▶ _Work order_
All the data should be transcribed exactly, with every line kept.

▶ _Records shown_
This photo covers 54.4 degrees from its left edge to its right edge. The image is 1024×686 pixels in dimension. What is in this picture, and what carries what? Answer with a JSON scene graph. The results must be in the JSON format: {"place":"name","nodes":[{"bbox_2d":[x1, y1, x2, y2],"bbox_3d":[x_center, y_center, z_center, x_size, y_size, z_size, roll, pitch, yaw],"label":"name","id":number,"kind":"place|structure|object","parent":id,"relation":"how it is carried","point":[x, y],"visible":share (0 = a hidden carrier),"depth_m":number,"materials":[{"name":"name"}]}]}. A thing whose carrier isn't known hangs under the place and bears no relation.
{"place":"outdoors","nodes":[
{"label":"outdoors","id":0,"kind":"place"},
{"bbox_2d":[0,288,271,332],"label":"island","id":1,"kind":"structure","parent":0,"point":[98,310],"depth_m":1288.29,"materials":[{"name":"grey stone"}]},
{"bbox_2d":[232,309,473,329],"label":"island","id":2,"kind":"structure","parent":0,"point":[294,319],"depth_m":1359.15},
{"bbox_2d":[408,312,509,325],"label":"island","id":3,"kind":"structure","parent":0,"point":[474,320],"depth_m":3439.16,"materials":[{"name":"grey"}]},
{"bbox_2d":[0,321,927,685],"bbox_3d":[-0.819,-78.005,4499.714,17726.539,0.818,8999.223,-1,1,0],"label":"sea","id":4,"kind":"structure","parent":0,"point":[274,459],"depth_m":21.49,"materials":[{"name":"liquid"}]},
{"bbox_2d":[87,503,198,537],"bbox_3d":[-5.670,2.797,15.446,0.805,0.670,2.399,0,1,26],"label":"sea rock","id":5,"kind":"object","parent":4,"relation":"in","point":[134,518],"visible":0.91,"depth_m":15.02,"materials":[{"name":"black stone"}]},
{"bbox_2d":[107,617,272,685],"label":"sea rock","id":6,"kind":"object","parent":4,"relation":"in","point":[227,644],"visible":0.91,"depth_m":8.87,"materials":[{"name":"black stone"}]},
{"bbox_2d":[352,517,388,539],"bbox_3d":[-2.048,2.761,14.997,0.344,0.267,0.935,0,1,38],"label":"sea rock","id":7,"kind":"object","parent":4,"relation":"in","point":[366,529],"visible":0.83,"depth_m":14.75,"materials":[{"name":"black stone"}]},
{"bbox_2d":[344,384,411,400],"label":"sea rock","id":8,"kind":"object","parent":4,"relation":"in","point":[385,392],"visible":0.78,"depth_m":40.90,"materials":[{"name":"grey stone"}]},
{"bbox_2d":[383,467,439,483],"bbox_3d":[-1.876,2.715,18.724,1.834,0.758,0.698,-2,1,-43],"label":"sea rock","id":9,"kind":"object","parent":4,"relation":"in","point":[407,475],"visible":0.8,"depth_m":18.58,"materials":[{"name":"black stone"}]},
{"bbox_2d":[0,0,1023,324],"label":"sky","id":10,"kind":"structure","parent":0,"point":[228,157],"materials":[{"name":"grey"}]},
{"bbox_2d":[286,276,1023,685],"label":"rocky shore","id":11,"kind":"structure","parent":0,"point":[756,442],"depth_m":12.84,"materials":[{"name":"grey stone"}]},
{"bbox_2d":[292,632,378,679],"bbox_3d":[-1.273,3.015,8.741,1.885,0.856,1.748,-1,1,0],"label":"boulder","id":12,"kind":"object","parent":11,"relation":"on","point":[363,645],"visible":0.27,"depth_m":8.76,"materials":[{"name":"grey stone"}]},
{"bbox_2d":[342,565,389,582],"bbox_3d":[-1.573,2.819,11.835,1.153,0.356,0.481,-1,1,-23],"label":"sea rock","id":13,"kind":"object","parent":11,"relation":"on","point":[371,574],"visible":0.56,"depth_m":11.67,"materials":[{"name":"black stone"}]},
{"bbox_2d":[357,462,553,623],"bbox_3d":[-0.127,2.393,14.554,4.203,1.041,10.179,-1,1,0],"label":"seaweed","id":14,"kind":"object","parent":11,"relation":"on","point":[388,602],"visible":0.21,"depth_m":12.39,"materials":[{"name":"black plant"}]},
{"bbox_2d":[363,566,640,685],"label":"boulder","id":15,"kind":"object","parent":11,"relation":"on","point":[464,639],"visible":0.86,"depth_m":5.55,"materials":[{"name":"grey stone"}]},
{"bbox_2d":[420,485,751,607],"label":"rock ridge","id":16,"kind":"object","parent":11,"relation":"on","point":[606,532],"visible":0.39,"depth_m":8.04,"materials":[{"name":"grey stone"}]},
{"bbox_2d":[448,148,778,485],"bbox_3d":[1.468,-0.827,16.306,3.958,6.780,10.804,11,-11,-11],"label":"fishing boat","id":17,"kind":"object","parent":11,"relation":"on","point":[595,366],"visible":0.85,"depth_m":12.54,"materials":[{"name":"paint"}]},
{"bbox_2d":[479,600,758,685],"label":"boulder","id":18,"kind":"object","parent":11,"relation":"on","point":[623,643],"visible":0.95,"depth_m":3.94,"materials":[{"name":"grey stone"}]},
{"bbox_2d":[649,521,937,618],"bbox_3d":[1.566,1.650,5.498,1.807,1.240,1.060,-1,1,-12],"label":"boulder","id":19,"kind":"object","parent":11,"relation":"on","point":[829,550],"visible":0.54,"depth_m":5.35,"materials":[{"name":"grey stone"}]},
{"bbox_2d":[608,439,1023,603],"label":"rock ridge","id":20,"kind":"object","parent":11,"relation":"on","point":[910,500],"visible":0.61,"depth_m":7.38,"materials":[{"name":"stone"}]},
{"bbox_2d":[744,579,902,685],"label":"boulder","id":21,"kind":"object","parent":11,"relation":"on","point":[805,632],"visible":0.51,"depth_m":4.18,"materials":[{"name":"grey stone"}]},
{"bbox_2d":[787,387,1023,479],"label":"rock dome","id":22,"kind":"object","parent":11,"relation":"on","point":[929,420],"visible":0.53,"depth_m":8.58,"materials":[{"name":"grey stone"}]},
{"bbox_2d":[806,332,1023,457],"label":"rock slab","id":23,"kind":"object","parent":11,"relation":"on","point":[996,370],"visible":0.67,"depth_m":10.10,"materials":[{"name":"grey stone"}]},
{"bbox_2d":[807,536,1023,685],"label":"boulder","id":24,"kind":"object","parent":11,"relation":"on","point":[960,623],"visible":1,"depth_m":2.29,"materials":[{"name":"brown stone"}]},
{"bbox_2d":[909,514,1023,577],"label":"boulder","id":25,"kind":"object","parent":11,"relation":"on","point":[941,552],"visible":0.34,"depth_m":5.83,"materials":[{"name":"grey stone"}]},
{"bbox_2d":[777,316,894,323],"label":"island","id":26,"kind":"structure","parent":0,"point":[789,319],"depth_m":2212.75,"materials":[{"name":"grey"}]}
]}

▶ _Solution for this exercise_
This photo covers 54.4 degrees from its left edge to its right edge. The image is 1024×686 pixels in dimension. What is in this picture, and what carries what? Answer with a JSON scene graph. The results must be in the JSON format: {"place":"name","nodes":[{"bbox_2d":[x1, y1, x2, y2],"bbox_3d":[x_center, y_center, z_center, x_size, y_size, z_size, roll, pitch, yaw],"label":"name","id":number,"kind":"place|structure|object","parent":id,"relation":"how it is carried","point":[x, y],"visible":share (0 = a hidden carrier),"depth_m":number,"materials":[{"name":"name"}]}]}. A thing whose carrier isn't known hangs under the place and bears no relation.
{"place":"outdoors","nodes":[
{"label":"outdoors","id":0,"kind":"place"},
{"bbox_2d":[0,288,271,332],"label":"island","id":1,"kind":"structure","parent":0,"point":[98,310],"depth_m":1288.29,"materials":[{"name":"grey stone"}]},
{"bbox_2d":[232,309,473,329],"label":"island","id":2,"kind":"structure","parent":0,"point":[294,319],"depth_m":1359.15},
{"bbox_2d":[408,312,509,325],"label":"island","id":3,"kind":"structure","parent":0,"point":[474,320],"depth_m":3439.16,"materials":[{"name":"grey"}]},
{"bbox_2d":[0,321,927,685],"bbox_3d":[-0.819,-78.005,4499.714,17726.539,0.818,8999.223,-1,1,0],"label":"sea","id":4,"kind":"structure","parent":0,"point":[274,459],"depth_m":21.49,"materials":[{"name":"liquid"}]},
{"bbox_2d":[87,503,198,537],"bbox_3d":[-5.670,2.797,15.446,0.805,0.670,2.399,0,1,26],"label":"sea rock","id":5,"kind":"object","parent":4,"relation":"in","point":[134,518],"visible":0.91,"depth_m":15.02,"materials":[{"name":"black stone"}]},
{"bbox_2d":[107,617,272,685],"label":"sea rock","id":6,"kind":"object","parent":4,"relation":"in","point":[227,644],"visible":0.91,"depth_m":8.87,"materials":[{"name":"black stone"}]},
{"bbox_2d":[352,517,388,539],"bbox_3d":[-2.048,2.761,14.997,0.344,0.267,0.935,0,1,38],"label":"sea rock","id":7,"kind":"object","parent":4,"relation":"in","point":[366,529],"visible":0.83,"depth_m":14.75,"materials":[{"name":"black stone"}]},
{"bbox_2d":[344,384,411,400],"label":"sea rock","id":8,"kind":"object","parent":4,"relation":"in","point":[385,392],"visible":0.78,"depth_m":40.90,"materials":[{"name":"grey stone"}]},
{"bbox_2d":[383,467,439,483],"bbox_3d":[-1.876,2.715,18.724,1.834,0.758,0.698,-2,1,-43],"label":"sea rock","id":9,"kind":"object","parent":4,"relation":"in","point":[407,475],"visible":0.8,"depth_m":18.58,"materials":[{"name":"black stone"}]},
{"bbox_2d":[0,0,1023,324],"label":"sky","id":10,"kind":"structure","parent":0,"point":[228,157],"materials":[{"name":"grey"}]},
{"bbox_2d":[286,276,1023,685],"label":"rocky shore","id":11,"kind":"structure","parent":0,"point":[756,442],"depth_m":12.84,"materials":[{"name":"grey stone"}]},
{"bbox_2d":[292,632,378,679],"bbox_3d":[-1.273,3.015,8.741,1.885,0.856,1.748,-1,1,0],"label":"boulder","id":12,"kind":"object","parent":11,"relation":"on","point":[363,645],"visible":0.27,"depth_m":8.76,"materials":[{"name":"grey stone"}]},
{"bbox_2d":[342,565,389,582],"bbox_3d":[-1.573,2.819,11.835,1.153,0.356,0.481,-1,1,-23],"label":"sea rock","id":13,"kind":"object","parent":11,"relation":"on","point":[371,574],"visible":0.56,"depth_m":11.67,"materials":[{"name":"black stone"}]},
{"bbox_2d":[357,462,553,623],"bbox_3d":[-0.127,2.393,14.554,4.203,1.041,10.179,-1,1,0],"label":"seaweed","id":14,"kind":"object","parent":11,"relation":"on","point":[388,602],"visible":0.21,"depth_m":12.39,"materials":[{"name":"black plant"}]},
{"bbox_2d":[363,566,640,685],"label":"boulder","id":15,"kind":"object","parent":11,"relation":"on","point":[464,639],"visible":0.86,"depth_m":5.55,"materials":[{"name":"grey stone"}]},
{"bbox_2d":[420,485,751,607],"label":"rock ridge","id":16,"kind":"object","parent":11,"relation":"on","point":[606,532],"visible":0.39,"depth_m":8.04,"materials":[{"name":"grey stone"}]},
{"bbox_2d":[448,148,778,485],"bbox_3d":[1.468,-0.827,16.306,3.958,6.780,10.804,11,-11,-11],"label":"fishing boat","id":17,"kind":"object","parent":11,"relation":"on","point":[595,366],"visible":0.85,"depth_m":12.54,"materials":[{"name":"paint"}]},
{"bbox_2d":[479,600,758,685],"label":"boulder","id":18,"kind":"object","parent":11,"relation":"on","point":[623,643],"visible":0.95,"depth_m":3.94,"materials":[{"name":"grey stone"}]},
{"bbox_2d":[649,521,937,618],"bbox_3d":[1.566,1.650,5.498,1.807,1.240,1.060,-1,1,-12],"label":"boulder","id":19,"kind":"object","parent":11,"relation":"on","point":[829,550],"visible":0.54,"depth_m":5.35,"materials":[{"name":"grey stone"}]},
{"bbox_2d":[608,439,1023,603],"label":"rock ridge","id":20,"kind":"object","parent":11,"relation":"on","point":[910,500],"visible":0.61,"depth_m":7.38,"materials":[{"name":"stone"}]},
{"bbox_2d":[744,579,902,685],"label":"boulder","id":21,"kind":"object","parent":11,"relation":"on","point":[805,632],"visible":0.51,"depth_m":4.18,"materials":[{"name":"grey stone"}]},
{"bbox_2d":[787,387,1023,479],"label":"rock dome","id":22,"kind":"object","parent":11,"relation":"on","point":[929,420],"visible":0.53,"depth_m":8.58,"materials":[{"name":"grey stone"}]},
{"bbox_2d":[806,332,1023,457],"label":"rock slab","id":23,"kind":"object","parent":11,"relation":"on","point":[996,370],"visible":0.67,"depth_m":10.10,"materials":[{"name":"grey stone"}]},
{"bbox_2d":[807,536,1023,685],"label":"boulder","id":24,"kind":"object","parent":11,"relation":"on","point":[960,623],"visible":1,"depth_m":2.29,"materials":[{"name":"brown stone"}]},
{"bbox_2d":[909,514,1023,577],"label":"boulder","id":25,"kind":"object","parent":11,"relation":"on","point":[941,552],"visible":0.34,"depth_m":5.83,"materials":[{"name":"grey stone"}]},
{"bbox_2d":[777,316,894,323],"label":"island","id":26,"kind":"structure","parent":0,"point":[789,319],"depth_m":2212.75,"materials":[{"name":"grey"}]}
]}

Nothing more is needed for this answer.